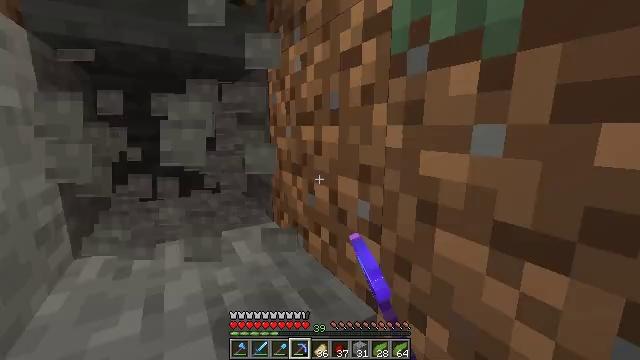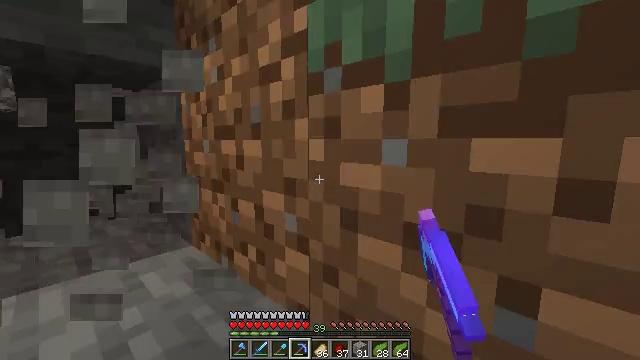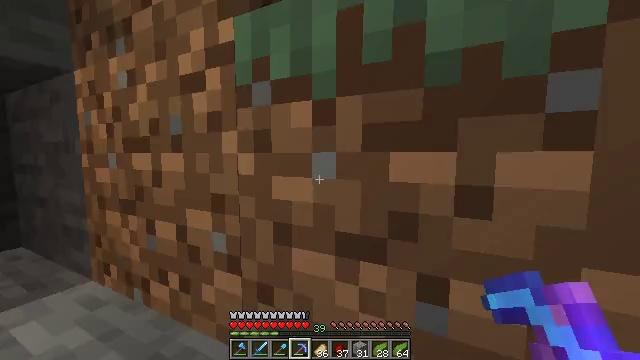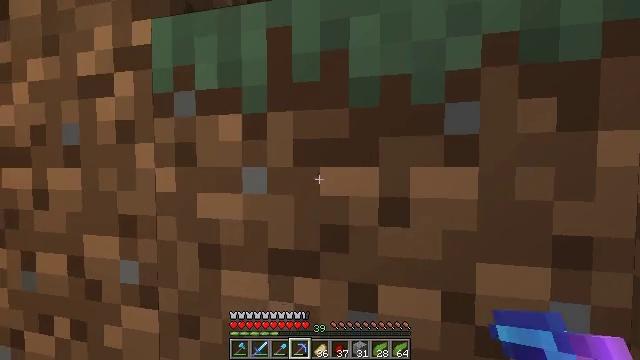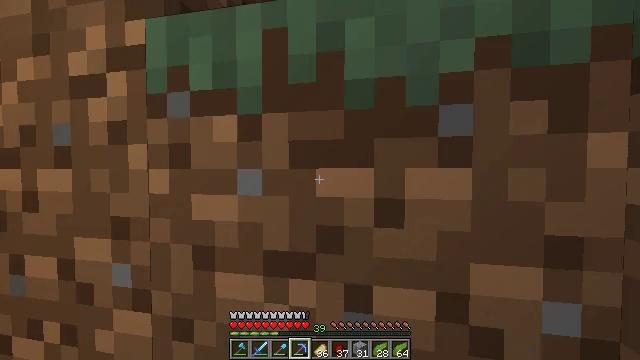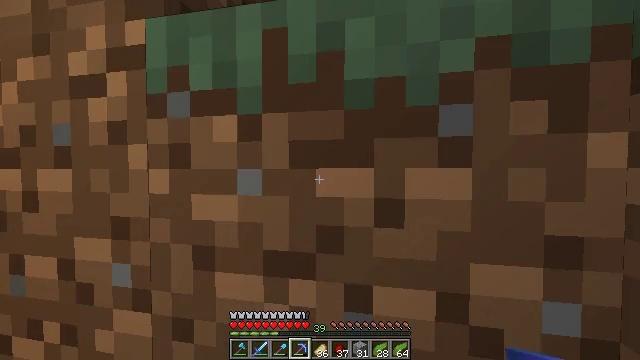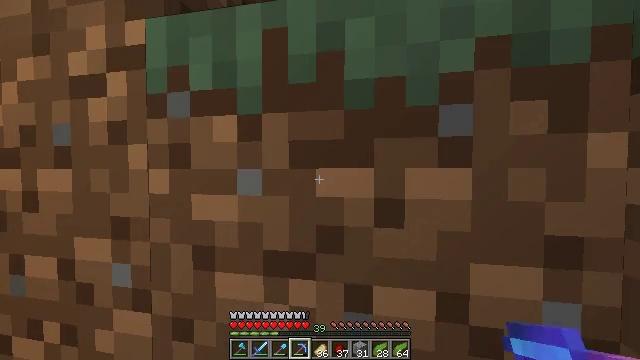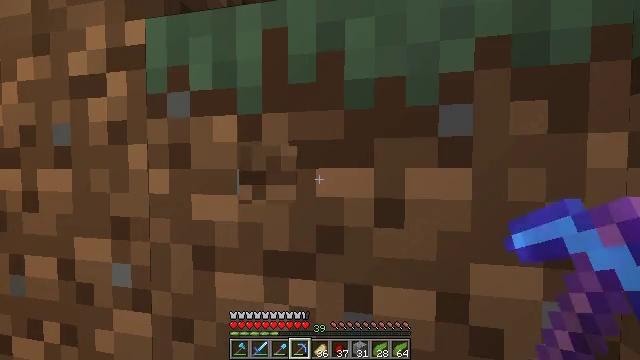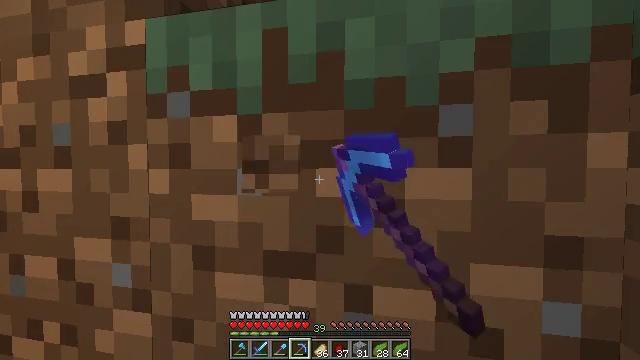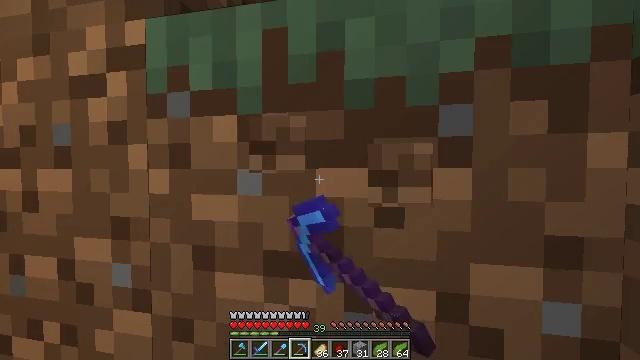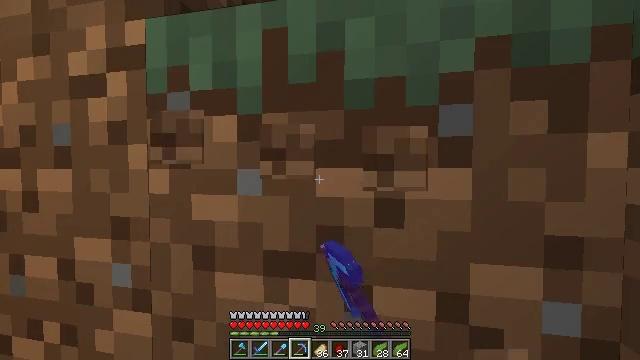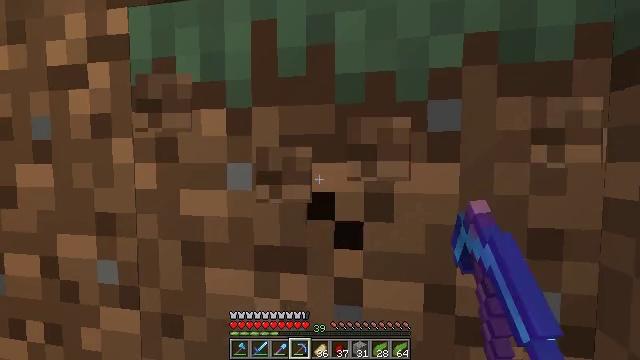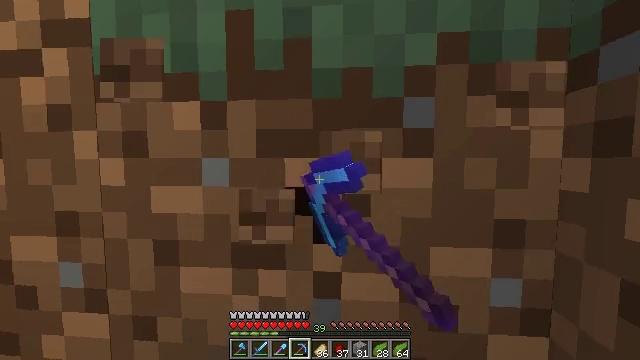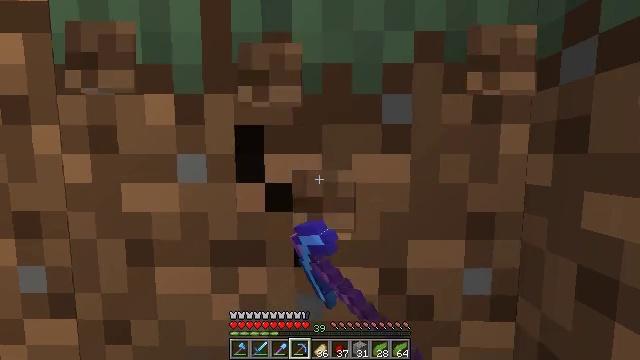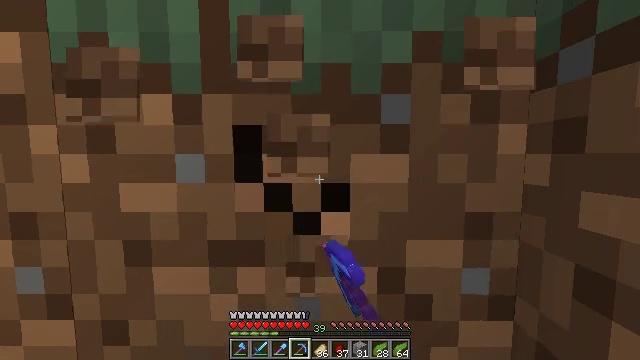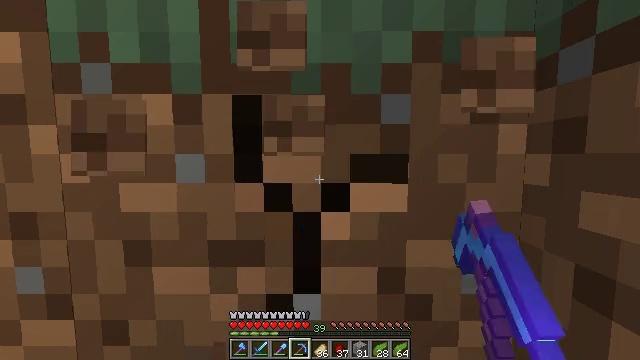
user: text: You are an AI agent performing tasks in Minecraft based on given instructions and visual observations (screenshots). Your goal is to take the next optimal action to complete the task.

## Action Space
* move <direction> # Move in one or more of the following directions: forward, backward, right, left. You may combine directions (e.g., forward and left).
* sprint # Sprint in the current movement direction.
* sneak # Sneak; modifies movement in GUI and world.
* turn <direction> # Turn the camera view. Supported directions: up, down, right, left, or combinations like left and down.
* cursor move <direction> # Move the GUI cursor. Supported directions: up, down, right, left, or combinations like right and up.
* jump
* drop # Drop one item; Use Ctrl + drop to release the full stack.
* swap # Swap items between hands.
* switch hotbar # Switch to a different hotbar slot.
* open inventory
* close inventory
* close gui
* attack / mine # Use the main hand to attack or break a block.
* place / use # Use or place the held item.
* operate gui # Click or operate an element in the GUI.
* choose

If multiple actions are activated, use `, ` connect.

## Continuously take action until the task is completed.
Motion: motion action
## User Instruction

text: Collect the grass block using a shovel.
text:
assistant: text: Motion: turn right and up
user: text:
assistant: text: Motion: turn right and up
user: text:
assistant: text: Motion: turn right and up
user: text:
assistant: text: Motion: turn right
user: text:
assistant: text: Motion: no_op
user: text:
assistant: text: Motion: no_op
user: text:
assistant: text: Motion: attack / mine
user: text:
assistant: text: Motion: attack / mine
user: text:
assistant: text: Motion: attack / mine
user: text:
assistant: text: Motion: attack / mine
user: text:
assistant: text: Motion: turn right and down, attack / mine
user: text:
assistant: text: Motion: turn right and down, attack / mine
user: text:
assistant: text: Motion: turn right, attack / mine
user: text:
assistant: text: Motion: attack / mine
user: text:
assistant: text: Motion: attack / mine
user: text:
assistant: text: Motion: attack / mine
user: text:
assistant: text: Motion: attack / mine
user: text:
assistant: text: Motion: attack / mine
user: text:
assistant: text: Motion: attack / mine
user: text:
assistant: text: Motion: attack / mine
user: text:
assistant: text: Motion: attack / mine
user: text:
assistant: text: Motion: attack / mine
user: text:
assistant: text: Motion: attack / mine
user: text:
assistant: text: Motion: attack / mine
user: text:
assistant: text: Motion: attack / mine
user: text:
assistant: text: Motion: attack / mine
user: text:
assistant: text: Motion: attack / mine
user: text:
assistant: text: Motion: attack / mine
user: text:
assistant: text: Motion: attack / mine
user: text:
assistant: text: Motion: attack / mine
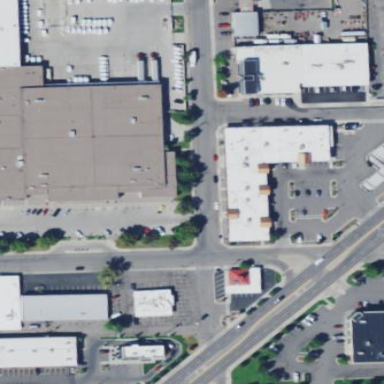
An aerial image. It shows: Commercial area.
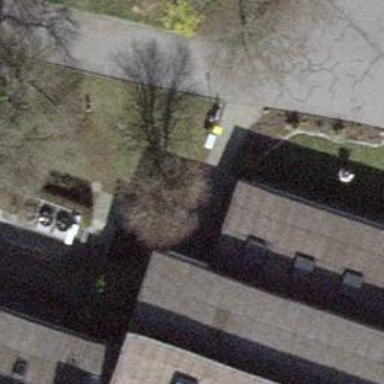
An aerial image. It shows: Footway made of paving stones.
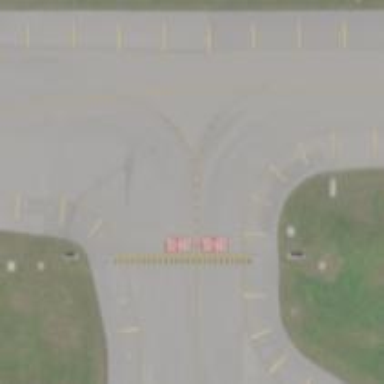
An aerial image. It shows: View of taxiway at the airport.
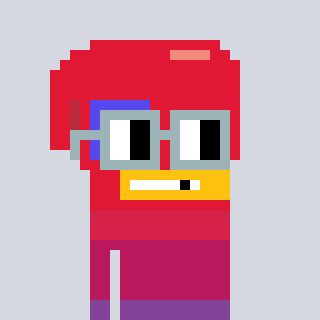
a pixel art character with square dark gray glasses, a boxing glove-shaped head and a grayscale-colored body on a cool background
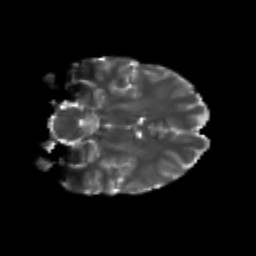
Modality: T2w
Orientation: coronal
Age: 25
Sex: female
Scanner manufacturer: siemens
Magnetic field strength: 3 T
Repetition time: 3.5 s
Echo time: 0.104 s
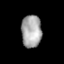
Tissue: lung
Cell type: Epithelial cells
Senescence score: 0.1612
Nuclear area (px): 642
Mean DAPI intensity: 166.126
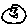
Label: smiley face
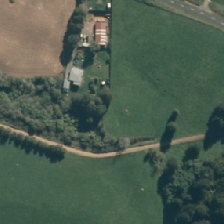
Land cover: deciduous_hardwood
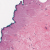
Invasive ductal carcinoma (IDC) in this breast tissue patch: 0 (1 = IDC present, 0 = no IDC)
***
• _Exercise brief_: Copy every line of the records exactly as it is written, but not the pictures.

• _Task result_:
user: text: You are an AI agent performing tasks in Minecraft based on given instructions and visual observations (screenshots). Your goal is to take the next optimal action to complete the task.

## Action Space
* move <direction> # Move in one or more of the following directions: forward, backward, right, left. You may combine directions (e.g., forward and left).
* sprint # Sprint in the current movement direction.
* sneak # Sneak; modifies movement in GUI and world.
* turn <direction> # Turn the camera view. Supported directions: up, down, right, left, or combinations like left and down.
* cursor move <direction> # Move the GUI cursor. Supported directions: up, down, right, left, or combinations like right and up.
* jump
* drop # Drop one item; Use Ctrl + drop to release the full stack.
* swap # Swap items between hands.
* switch hotbar # Switch to a different hotbar slot.
* open inventory
* close inventory
* close gui
* attack / mine # Use the main hand to attack or break a block.
* place / use # Use or place the held item.
* operate gui # Click or operate an element in the GUI.
* choose

If multiple actions are activated, use `, ` connect.

## Continuously take action until the task is completed.
Motion: motion action
## User Instruction

text: Collect the grass block using a shovel.
text:
assistant: text: Motion: turn right and up
user: text:
assistant: text: Motion: turn right and up
user: text:
assistant: text: Motion: turn right and up
user: text:
assistant: text: Motion: turn right
user: text:
assistant: text: Motion: no_op
user: text:
assistant: text: Motion: no_op
user: text:
assistant: text: Motion: attack / mine
user: text:
assistant: text: Motion: attack / mine
user: text:
assistant: text: Motion: attack / mine
user: text:
assistant: text: Motion: attack / mine
user: text:
assistant: text: Motion: turn right and down, attack / mine
user: text:
assistant: text: Motion: turn right and down, attack / mine
user: text:
assistant: text: Motion: turn right, attack / mine
user: text:
assistant: text: Motion: attack / mine
user: text:
assistant: text: Motion: attack / mine
user: text:
assistant: text: Motion: attack / mine
user: text:
assistant: text: Motion: attack / mine
user: text:
assistant: text: Motion: attack / mine
user: text:
assistant: text: Motion: attack / mine
user: text:
assistant: text: Motion: attack / mine
user: text:
assistant: text: Motion: attack / mine
user: text:
assistant: text: Motion: attack / mine
user: text:
assistant: text: Motion: attack / mine
user: text:
assistant: text: Motion: attack / mine
user: text:
assistant: text: Motion: attack / mine
user: text:
assistant: text: Motion: attack / mine
user: text:
assistant: text: Motion: attack / mine
user: text:
assistant: text: Motion: attack / mine
user: text:
assistant: text: Motion: attack / mine
user: text:
assistant: text: Motion: attack / mine
An aerial image. It shows: Commercial area.
An aerial image. It shows: Footway made of paving stones.
An aerial image. It shows: View of taxiway at the airport.
a pixel art character with square dark gray glasses, a boxing glove-shaped head and a grayscale-colored body on a cool background
Modality: T2w
Orientation: coronal
Age: 25
Sex: female
Scanner manufacturer: siemens
Magnetic field strength: 3 T
Repetition time: 3.5 s
Echo time: 0.104 s
Tissue: lung
Cell type: Epithelial cells
Senescence score: 0.1612
Nuclear area (px): 642
Mean DAPI intensity: 166.126
Label: smiley face
Land cover: deciduous_hardwood
Invasive ductal carcinoma (IDC) in this breast tissue patch: 0 (1 = IDC present, 0 = no IDC)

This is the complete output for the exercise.